Project Unveiling

Folks, I have stuff up my sleeve. Comics stuff.

For the past year, I’ve been deep in development on a comic book project tentatively titled LADY CHAOS. I’ve hammered out a 200 page script (which will hopefully translate to a 200 page graphic novel), and the space beneath my bed is rapidly filling with (mostly) awful sketches. Seriously. I don’t know why I keep them.

But now that the script has reached a higher level of polish, I felt ready to unveil a very small sampling of the artwork I’ve been hording. But first, a brief pitch.



Seventeen-year-old Alani’s home island is doomed. Unless her people can appease their vengeful goddess, an erupting volcano will obliterate the village. But the goddess won’t be pacified without a sacrifice, and She’s demanding a severe contribution from Alani. The villagers will do anything to ensure the goddess gets what She’s asked for.

Alani thinks she’s ready for heroism, but on the eve of her penance, she panics. She flees the ceremony, plunges into the rainforest, and collides smack into Kana, God of Chaos. And, unlike the torch-bearing mob, he’s delighted by the state of things.

He’s impressed with Alani’s gift for mayhem and offers her a deal: asylum from her sadistic village in exchange for thirteen years of servitude.

If Alani accepts Kana’s offer, she’ll be ostracized by her people for the rest of her life. But if she refuses, they might just force her to sacrifice the one thing she wasn’t willing to give up for them in the first place.


Here’s a sketch of Alani in all her awkward, gangly-ness. I’ve since simplified her costume a bit, but the pose is so perfectly… Alani.


Here’s a a turnaround for my own use. It’s not perfect, but it does the job. I eliminated the fringe from Alani’s shirt to save myself from hand cramps, but doggonit, I miss that fringe. It might make a comeback. Alani Turnaround

And here’s Kana. I have a thing for feathers, apparently.

Kana Turnaround

I’ve done a ton of experimenting over the past several weeks to try and work the kinks out of my process. I started with a few single panels, and then finally did an entire page as practice.

Test Panel

Test Comic

By far, the biggest time-suck in my process is in the jump from traditional to digital media. I draw everything by hand and only scan when I’m ready to color. Unfortunately, as much as I love drawing on paper, cleaning up a scan takes hours. I’m still exploring options to overcome that particular hurdle, but I might have to move the whole operation to digital if this is going to work.

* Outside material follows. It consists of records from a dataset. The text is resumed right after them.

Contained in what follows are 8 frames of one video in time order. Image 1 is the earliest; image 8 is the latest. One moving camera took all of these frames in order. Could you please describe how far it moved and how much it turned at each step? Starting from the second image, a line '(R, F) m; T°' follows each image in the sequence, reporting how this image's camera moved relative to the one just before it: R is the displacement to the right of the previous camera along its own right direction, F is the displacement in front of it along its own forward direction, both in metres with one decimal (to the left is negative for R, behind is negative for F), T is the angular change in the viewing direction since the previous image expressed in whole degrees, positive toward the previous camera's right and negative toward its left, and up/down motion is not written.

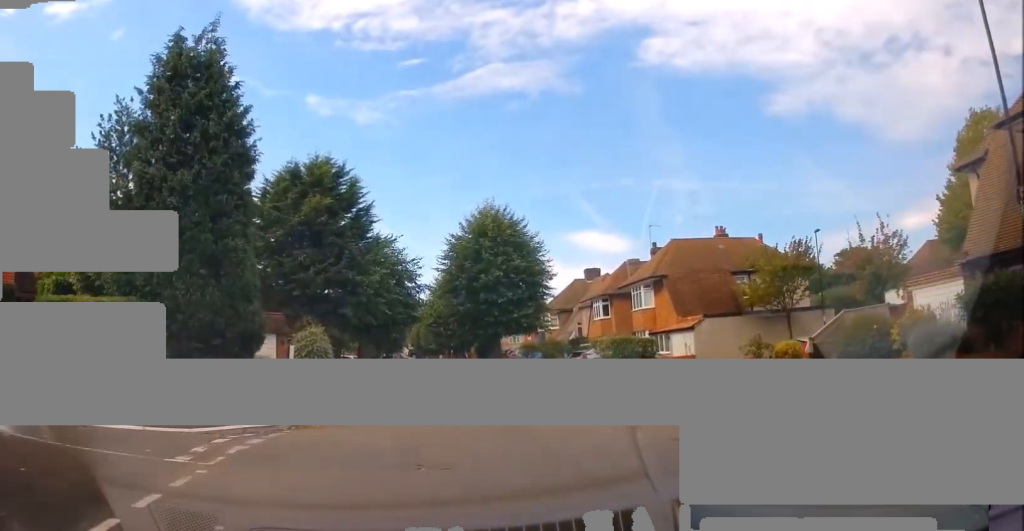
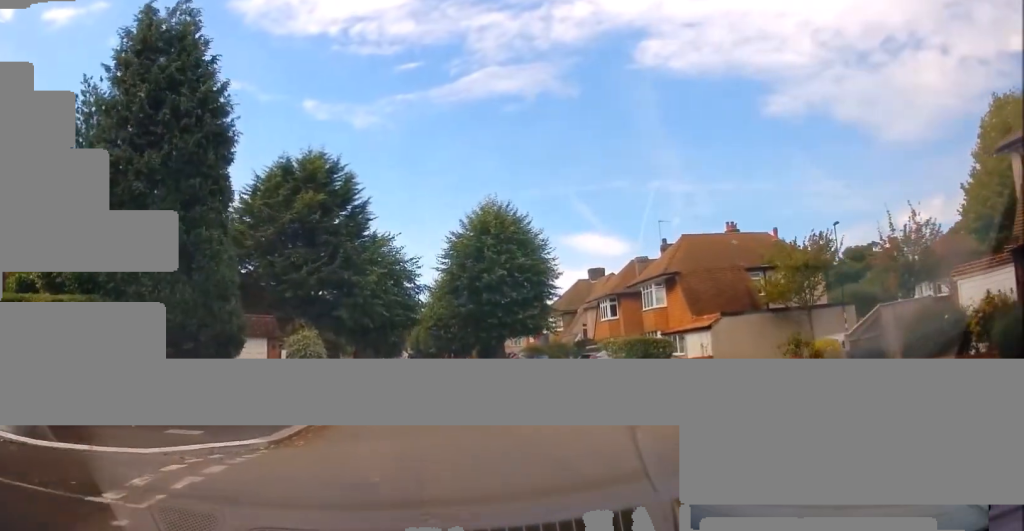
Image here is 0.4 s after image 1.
(+0.1, +2.2) m; -2°
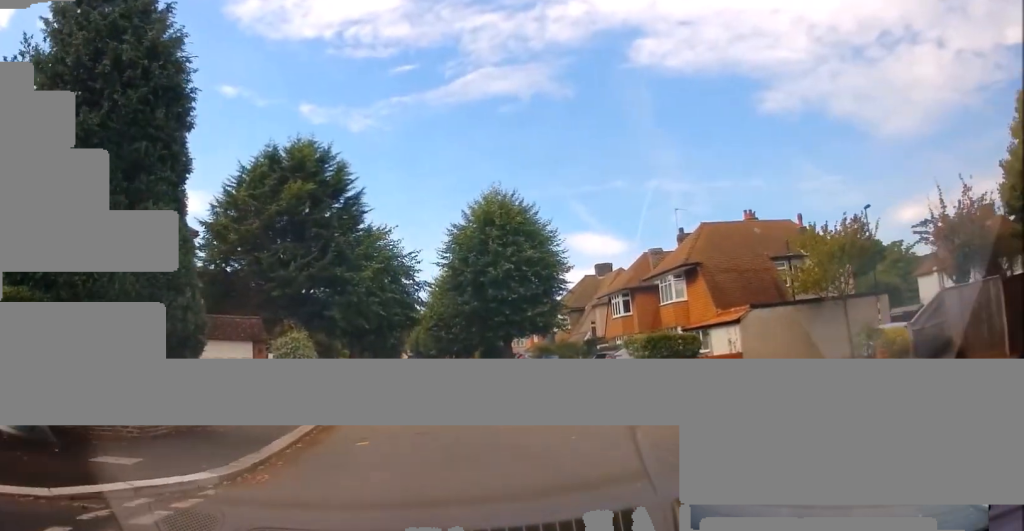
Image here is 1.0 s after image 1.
(-0.3, +3.1) m; 0°
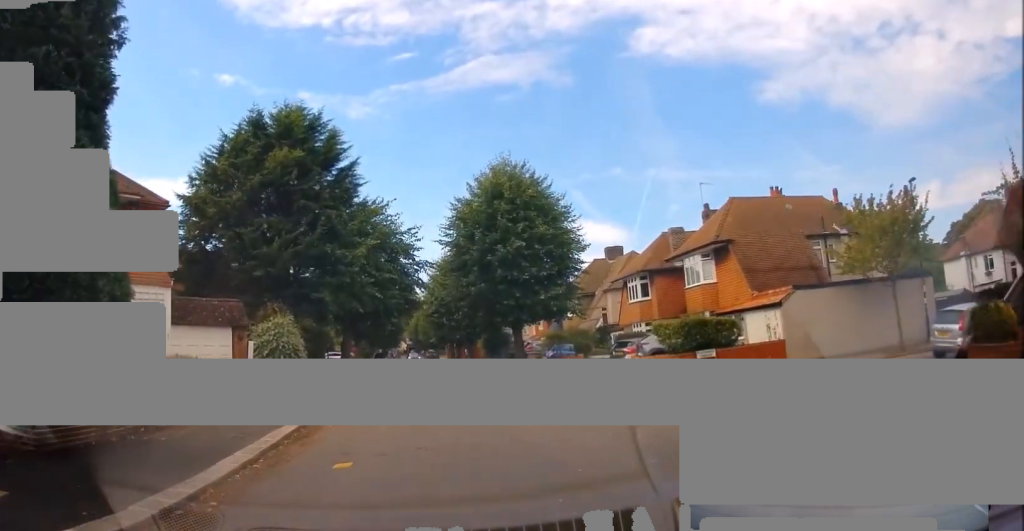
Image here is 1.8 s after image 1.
(-0.1, +3.9) m; +2°
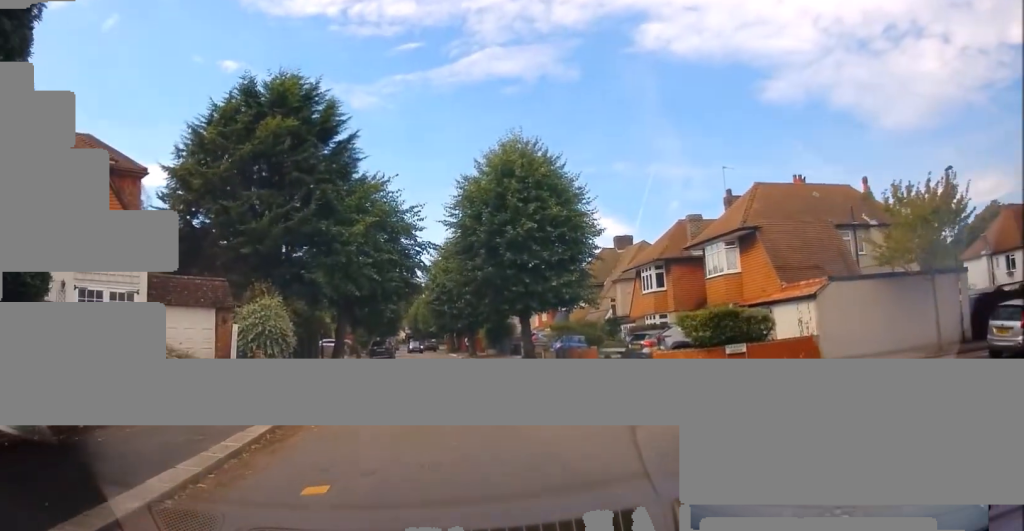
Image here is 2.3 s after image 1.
(+0.2, +2.5) m; +3°
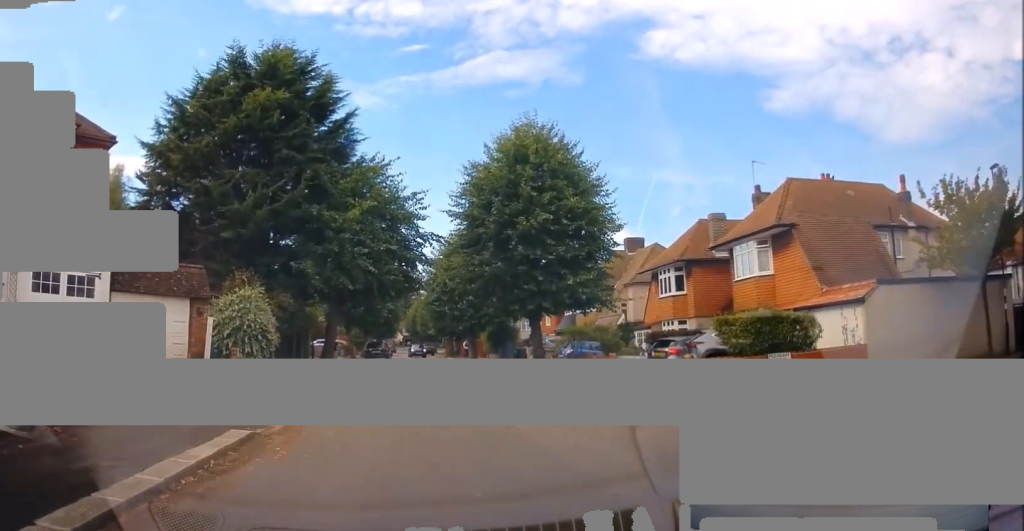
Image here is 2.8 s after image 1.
(+0.1, +2.9) m; +1°
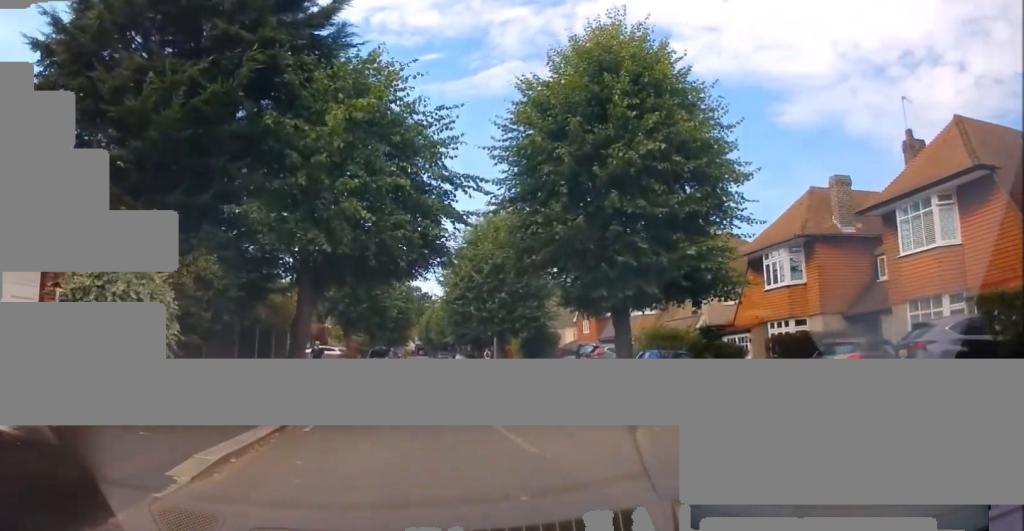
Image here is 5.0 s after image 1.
(0.0, +10.6) m; -4°
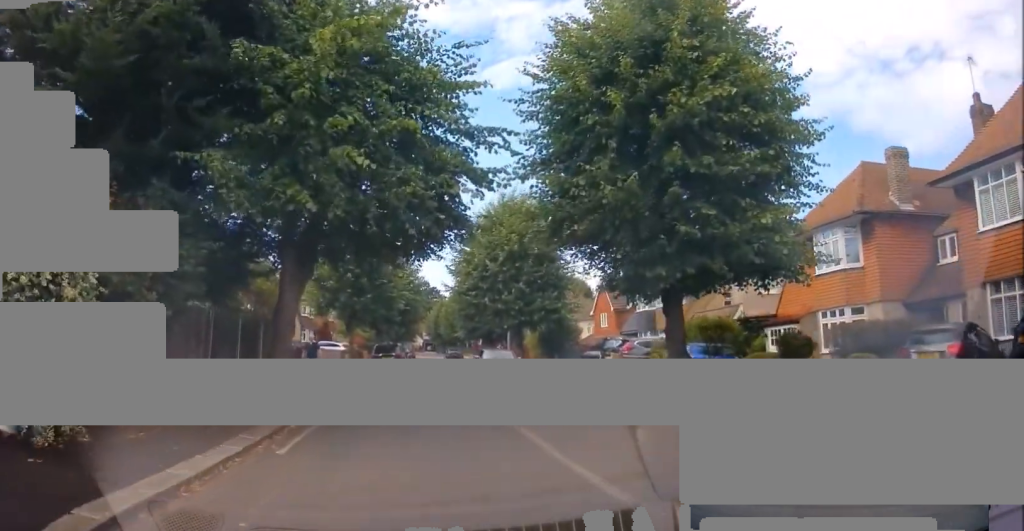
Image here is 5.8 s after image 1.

More artwork to come! Stay tuned!



    • Oh, I’ll take all the advice I can get! First of all, I’m pretty sure the root of my problem is in my choice of drawing medium. I draw everything with ballpoint pen, which looks really cool on paper, but the scanner makes a grainy mess of it. So, once I get the drawing into Photoshop, I spend forever messing around with the levels to blow out the paper texture without loosing the finer pen lines. I also reduce the noise level to smooth the graininess, and then usually have to go through the whole thing and erase stray gray marks. Then I have to separate the lineart from the background which is another hassle in and of itself. So if you have a shortcut, I’ll GLADLY hear it! 🙂

      Liked by 1 person

      • I’m so sorry that it took me so long to reply! Busy times .. I sometimes scan in ballpoint pen images, too. Maybe you can change your scanner settings? If you use the “professional mode” and don’t go with the default settings that might ease it for you.
        We’ll I always go for seperating the lineart first. Just double click on the layer – a new window will pop up. I don’t know how it is called in the English version so I’ll just have to describe it to you. That window should be divided in 3 squares (kind of). The bottom one should have two squares showing the different tones between black and white. Make sure “grey” is selected. Click the triangle at the white side while HOLDING the alt-key. You should be able to seperate the two triangels. Drag the left one into the darker areas and see what happens, just play with it for a while until you’re happy with the result. Make a new layer underneath (transparent) and merge it with the layer above. The lineart should be on the layer withouth the white background. You can still erase stray marks or change the contrast. I hope that I was able to give you a good shortcut (: Have a great weekend!